### WHAT YOU WILL DO
Once the line containing "Bounding box: 8 x 13 x 1.21 mm (x, y, z)" is found, copy it and each subsequent line exactly. Stop at the end of the records below.
========
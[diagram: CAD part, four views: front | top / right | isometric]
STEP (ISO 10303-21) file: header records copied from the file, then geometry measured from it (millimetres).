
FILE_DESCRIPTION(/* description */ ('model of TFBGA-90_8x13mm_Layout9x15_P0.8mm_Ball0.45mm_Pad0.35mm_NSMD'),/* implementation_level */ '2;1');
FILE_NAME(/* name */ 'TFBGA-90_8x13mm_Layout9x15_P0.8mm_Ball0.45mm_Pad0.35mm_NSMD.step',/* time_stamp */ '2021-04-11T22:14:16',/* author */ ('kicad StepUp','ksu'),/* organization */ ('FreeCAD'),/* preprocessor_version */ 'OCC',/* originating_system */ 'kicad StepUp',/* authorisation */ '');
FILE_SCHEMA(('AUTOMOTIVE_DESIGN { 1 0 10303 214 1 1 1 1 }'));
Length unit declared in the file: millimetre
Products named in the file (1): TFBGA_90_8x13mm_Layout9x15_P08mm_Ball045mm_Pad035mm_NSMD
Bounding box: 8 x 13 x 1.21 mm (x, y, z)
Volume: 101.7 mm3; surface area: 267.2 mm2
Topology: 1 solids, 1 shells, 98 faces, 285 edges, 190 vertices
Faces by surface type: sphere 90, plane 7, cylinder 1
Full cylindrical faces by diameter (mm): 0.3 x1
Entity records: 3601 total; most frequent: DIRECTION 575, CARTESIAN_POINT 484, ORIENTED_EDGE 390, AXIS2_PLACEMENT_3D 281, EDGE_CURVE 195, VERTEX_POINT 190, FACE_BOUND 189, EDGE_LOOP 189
========
### RESULT
Bounding box: 8 x 13 x 1.21 mm (x, y, z)
Volume: 101.7 mm3; surface area: 267.2 mm2
Topology: 1 solids, 1 shells, 98 faces, 285 edges, 190 vertices
Faces by surface type: sphere 90, plane 7, cylinder 1
Full cylindrical faces by diameter (mm): 0.3 x1
Entity records: 3601 total; most frequent: DIRECTION 575, CARTESIAN_POINT 484, ORIENTED_EDGE 390, AXIS2_PLACEMENT_3D 281, EDGE_CURVE 195, VERTEX_POINT 190, FACE_BOUND 189, EDGE_LOOP 189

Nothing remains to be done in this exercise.